Part of the complaint against the UConn coach being suspended for a few games next season was that there was not an "atmosphere of compliance" in his program. Sportswriter Jay Bilas wonders if this could be made into a cologne and marketed. Athletic Directors all over America would doubtless pay top dollar for it.
This is a thoroughly bogus complaint, on the order of "Wipe that smirk off your face. Look at me when I'm talking to you." Everyone knows what it means, and that it is probably true. But if you are talking about real infractions and real punishment, this sort of incoherence has got to go. Nation of laws and all that.
Fortunately, we're not talking about a real punishment here. It's rather like the punishments congressmen get for groping campaign volunteers or redirecting money to ponies for their kids. Let us have a ceremony in which we tell you that you have made serious errors of judgment.

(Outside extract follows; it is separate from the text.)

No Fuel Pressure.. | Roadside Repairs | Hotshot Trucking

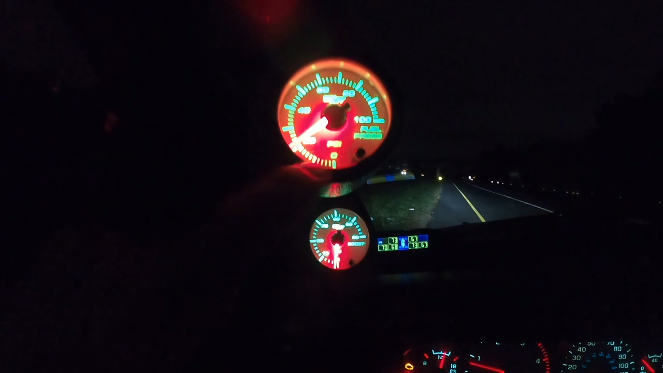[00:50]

Please don't grope any other volunteers until you have left the Senate floor.
Bilas also mentioned how important coaches are in teaching young people life lessons which are more valuable than their instruction in X's and O's. He spoke in general about good coaches he had had and generalised it to good teachers. It sounded wonderful.

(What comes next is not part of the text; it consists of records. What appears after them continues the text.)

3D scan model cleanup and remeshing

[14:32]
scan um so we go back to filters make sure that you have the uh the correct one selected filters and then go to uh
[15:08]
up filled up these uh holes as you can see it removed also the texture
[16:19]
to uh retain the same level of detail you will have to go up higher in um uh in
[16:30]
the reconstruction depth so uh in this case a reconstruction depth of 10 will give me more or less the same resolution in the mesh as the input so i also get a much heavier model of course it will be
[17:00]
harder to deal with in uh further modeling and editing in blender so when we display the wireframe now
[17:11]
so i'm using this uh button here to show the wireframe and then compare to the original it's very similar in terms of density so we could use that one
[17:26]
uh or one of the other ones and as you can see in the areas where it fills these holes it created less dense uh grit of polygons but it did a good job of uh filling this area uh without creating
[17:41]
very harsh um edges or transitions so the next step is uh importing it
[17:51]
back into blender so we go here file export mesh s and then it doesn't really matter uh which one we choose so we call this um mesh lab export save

This was completely untrue in my case. In the case of teachers, this was largely my own fault, but for coaches, the idea is ludicrous. Some of them were decent enough, but mostly, I learned about favoritism, subtle cheating, and valuing athletic skill over any other value.
Funny, before I got to your final observation I laughed out loud about that characterization of coaches.
ReplyDeleteYou'd have loved the coaches in women's sports in the 70s, whose role evidently was limited to the need to prevent anyone from breaking a nail. I remember also a pervasive fear that being struck in the breast might lead to cancer. Life lessons!